→ **Problem description**:
Which lines of the entries below contain the string "image"? Copy each one.

Content starts

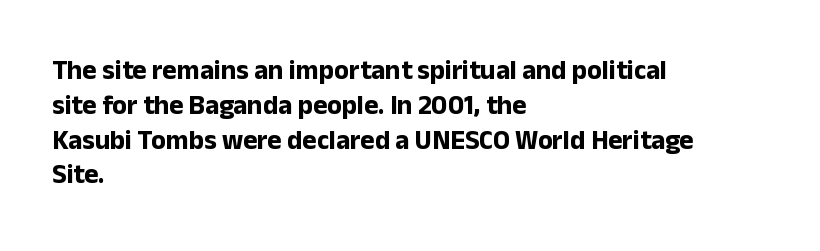
{"italic": "no", "bold": "yes", "underline": "no", "align": "left", "line_spacing": "normal", "line_spacing_ratio": 1.29, "letter_spacing": "normal", "letter_spacing_em": 0.0, "glyph_px": 27}
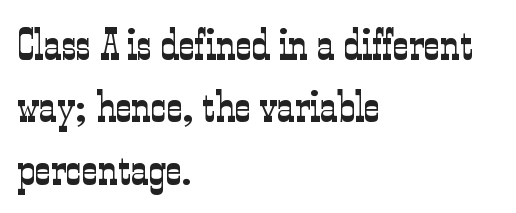
A serif font was chosen for this passage. The rendering uses a moderate line-height, typical for paragraphs. Alignment: flush left. Is this a fixed-width face? No — the glyphs have proportional, varying widths. This reads as an unemphasized weight, regular at the heaviest.
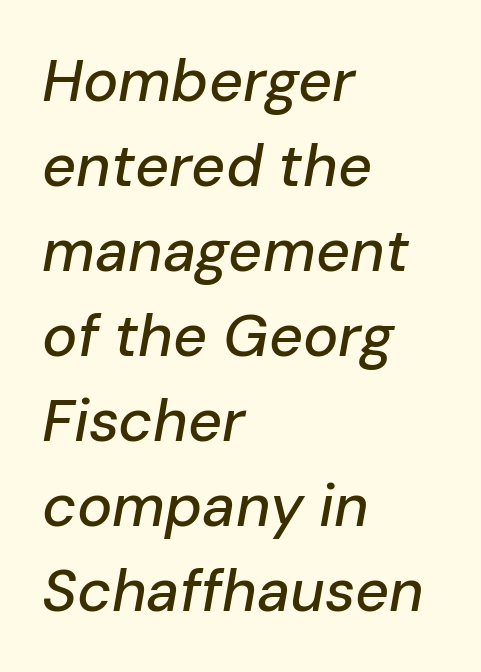
Leading: standard. Slanted lettering throughout. The foot of each line stays bare and open. The setting favours the left margin, as ordinary paragraphs usually do. The horizontal fit of the characters is conventional and even.
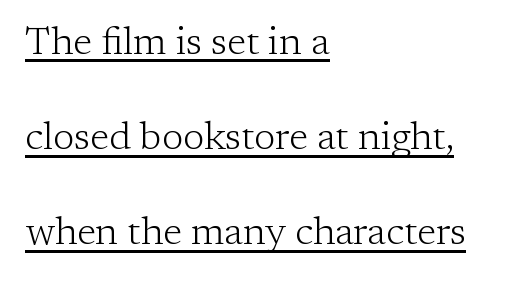
Q: Is the text bold? A: No.
Q: Is the text italic (slanted)? A: No, it is upright.
Q: Is the typeface a serif or a sans-serif typeface? A: Serif.
Q: Is the text underlined? A: Yes.
Q: How is the paragraph aligned? A: Left-aligned.
Q: Is the spacing between letters normal or unusually wide? A: Normal.
Q: Is the spacing between lines tight, normal or loose? A: Loose.
Q: Width (condensed, normal, or wide)? A: Normal.
Q: Stroke contrast? A: Low.
Q: x-height? A: Medium.
Q: Monospaced? A: No.
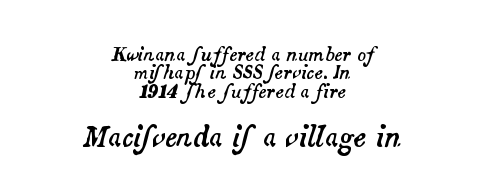
{"italic": "yes", "lean": "right", "slant_degrees": 14, "underline": "no", "align": "center", "line_spacing": "tight", "line_spacing_ratio": 1.02, "letter_spacing": "normal", "letter_spacing_em": 0.0, "larger_block": "second", "size_ratio": 1.5, "glyph_px": 27}
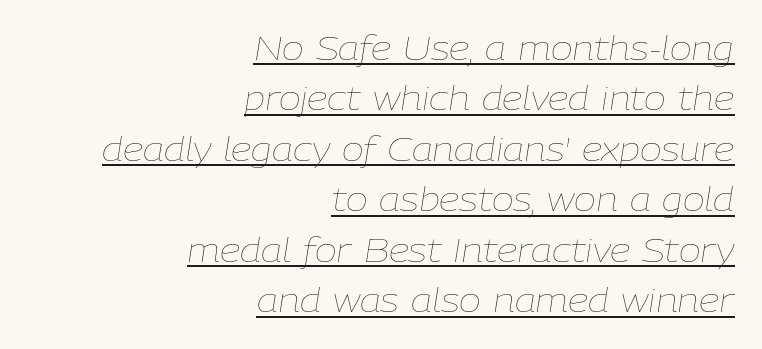
Q: Is the text bold? A: No.
Q: Is the text italic (slanted)? A: Yes, it leans right by about 9 degrees.
Q: Is the text underlined? A: Yes.
Q: How is the paragraph aligned? A: Right-aligned.
Q: Is the spacing between letters normal or unusually wide? A: Normal.
Q: Is the spacing between lines tight, normal or loose? A: Normal.
Q: Width (condensed, normal, or wide)? A: Normal.
Q: Stroke contrast? A: Low.
Q: x-height? A: Medium.
Q: Monospaced? A: No.
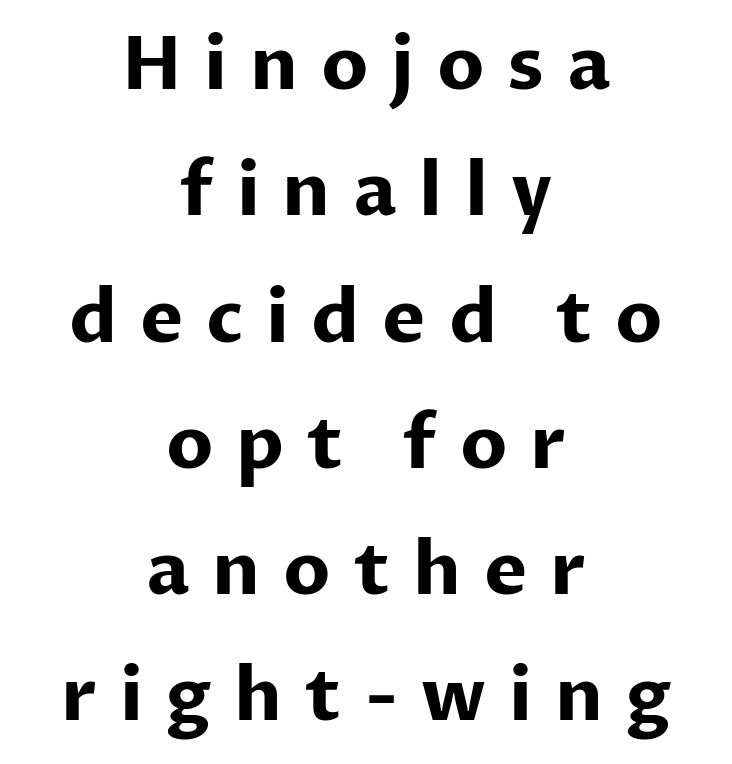
Q: Is the text bold? A: Yes.
Q: Is the text italic (slanted)? A: No, it is upright.
Q: Is the typeface a serif or a sans-serif typeface? A: Sans-serif.
Q: Is the text underlined? A: No.
Q: How is the paragraph aligned? A: Centered.
Q: Is the spacing between letters normal or unusually wide? A: Unusually wide.
Q: Width (condensed, normal, or wide)? A: Normal.
Q: Stroke contrast? A: Low.
Q: x-height? A: Medium.
Q: Monospaced? A: No.
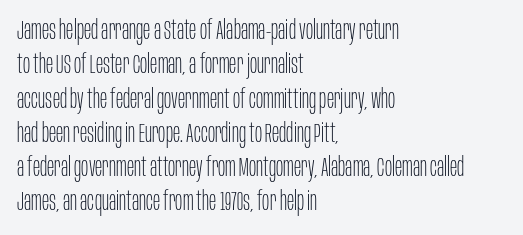
{"italic": "no", "bold": "no", "underline": "no", "align": "left", "line_spacing": "normal", "line_spacing_ratio": 1.27, "letter_spacing": "normal", "letter_spacing_em": 0.0, "glyph_px": 27}
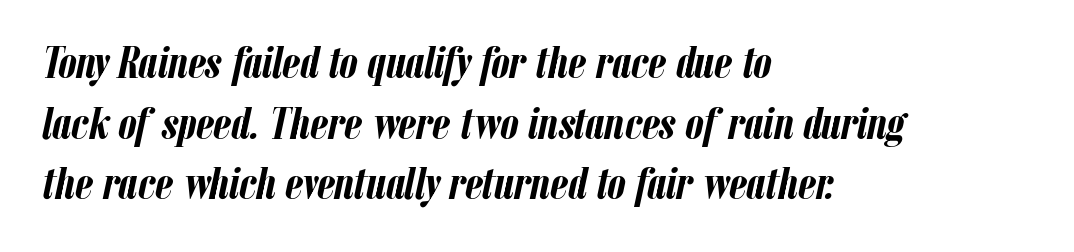
Q: Is the text bold? A: Yes.
Q: Is the text italic (slanted)? A: Yes, it leans right by about 12 degrees.
Q: Is the text underlined? A: No.
Q: How is the paragraph aligned? A: Left-aligned.
Q: Is the spacing between letters normal or unusually wide? A: Normal.
Q: Is the spacing between lines tight, normal or loose? A: Normal.
Q: Width (condensed, normal, or wide)? A: Condensed.
Q: Stroke contrast? A: Low.
Q: x-height? A: Medium.
Q: Monospaced? A: No.
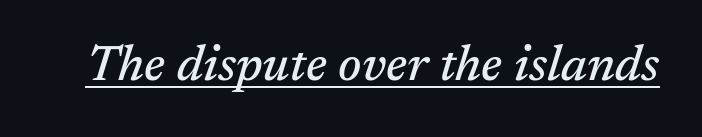
{"serif": "yes", "italic": "yes", "lean": "right", "slant_degrees": 17, "width": "normal", "stroke_contrast": "medium", "x_height": "medium", "monospaced": "no", "underline": "yes", "letter_spacing": "normal", "letter_spacing_em": 0.0, "glyph_px": 50}
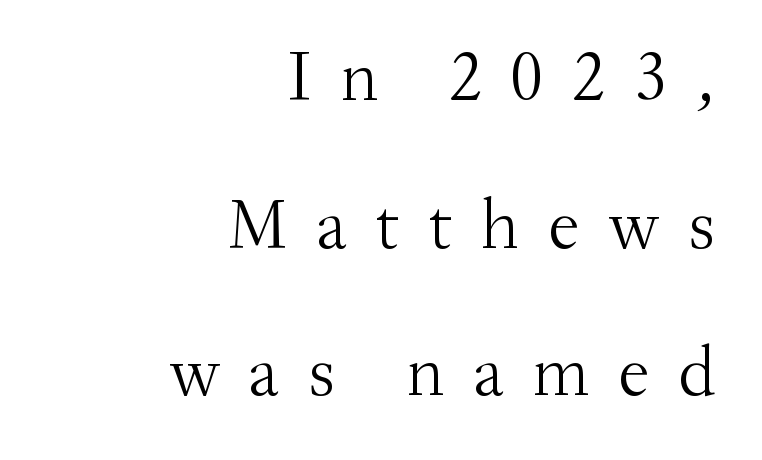
The image shows 71 px light serif type, upright; set right-aligned, loose line spacing (2.08x), unusually wide letter spacing (+0.4 em), not underlined; medium stroke contrast and a small x-height.
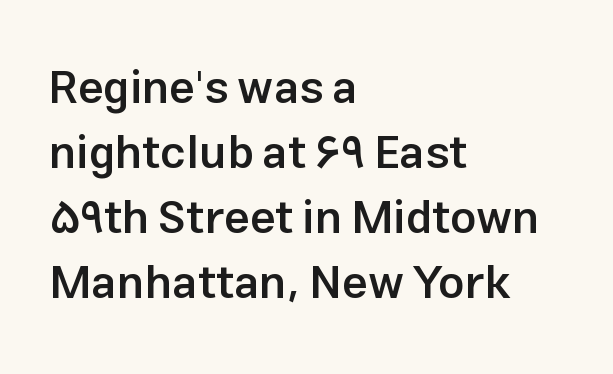
Q: Is the text bold? A: Semi-bold.
Q: Is the text italic (slanted)? A: No, it is upright.
Q: Is the typeface a serif or a sans-serif typeface? A: Sans-serif.
Q: Is the text underlined? A: No.
Q: How is the paragraph aligned? A: Left-aligned.
Q: Is the spacing between letters normal or unusually wide? A: Normal.
Q: Is the spacing between lines tight, normal or loose? A: Normal.
Q: Width (condensed, normal, or wide)? A: Normal.
Q: Stroke contrast? A: Low.
Q: x-height? A: Medium.
Q: Monospaced? A: No.
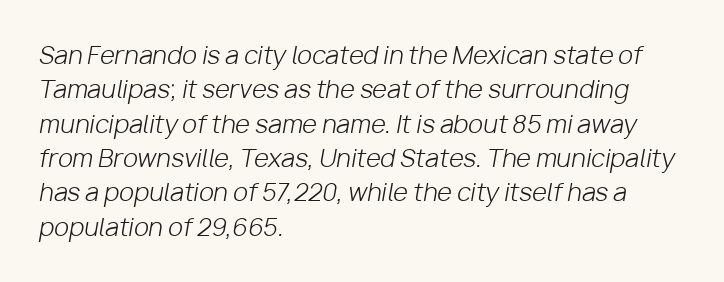
The image shows 24 px text type, italic (leaning right); set left-aligned, normal line spacing (1.43x), normal letter spacing, not underlined.
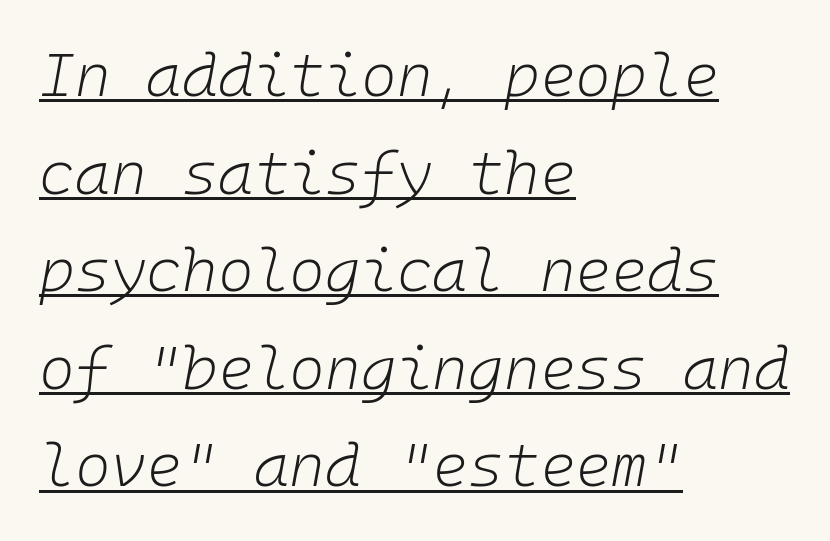
The image shows 61 px light type, italic (leaning right), monospaced; set left-aligned, normal line spacing (1.6x), normal letter spacing, underlined; low stroke contrast and a medium x-height.
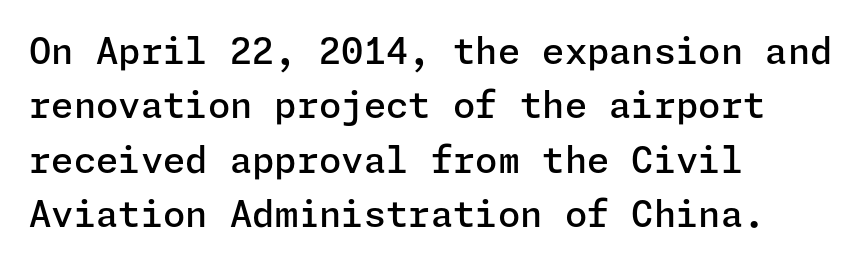
Q: Is the text bold? A: Semi-bold.
Q: Is the text italic (slanted)? A: No, it is upright.
Q: Is the typeface a serif or a sans-serif typeface? A: Sans-serif.
Q: Is the text underlined? A: No.
Q: How is the paragraph aligned? A: Left-aligned.
Q: Is the spacing between letters normal or unusually wide? A: Normal.
Q: Is the spacing between lines tight, normal or loose? A: Normal.
Q: Width (condensed, normal, or wide)? A: Normal.
Q: Stroke contrast? A: Low.
Q: x-height? A: Medium.
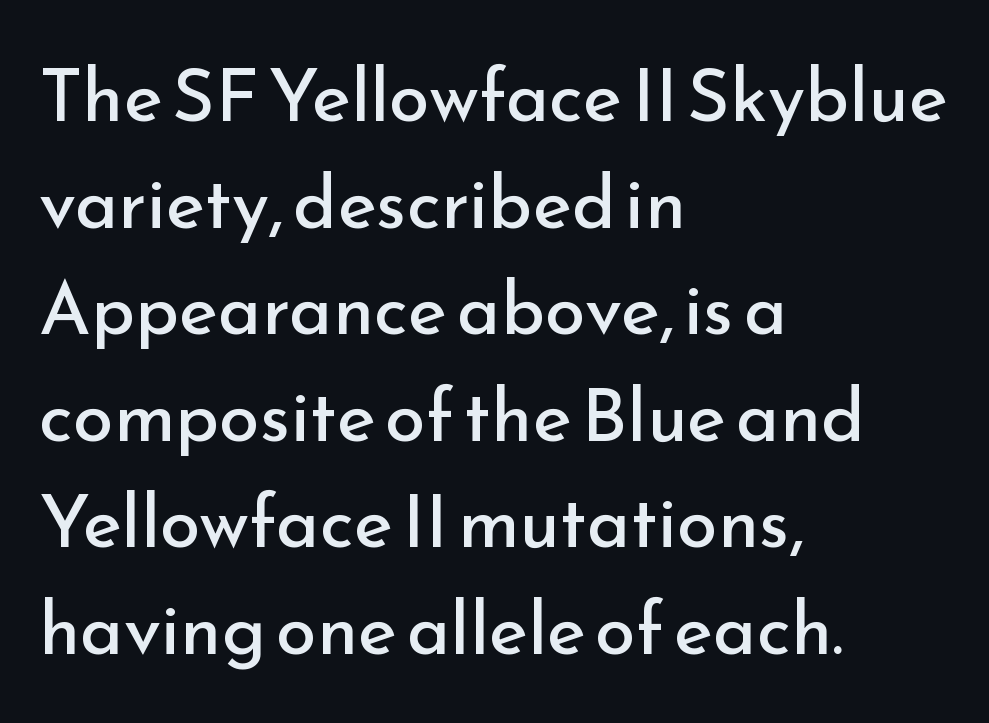
These lines are rendered in a variable-pitch font. The face used here is a sans, in the tradition of grotesques and geometrics. Regular leading. A bare baseline throughout the passage. This rendering uses left alignment, leaving the right contour irregular.

Content ends

→ **Answer**:
The image shows 71 px light serif type, upright; set right-aligned, loose line spacing (2.08x), unusually wide letter spacing (+0.4 em), not underlined; medium stroke contrast and a small x-height.
The image shows 24 px text type, italic (leaning right); set left-aligned, normal line spacing (1.43x), normal letter spacing, not underlined.
The image shows 61 px light type, italic (leaning right), monospaced; set left-aligned, normal line spacing (1.6x), normal letter spacing, underlined; low stroke contrast and a medium x-height.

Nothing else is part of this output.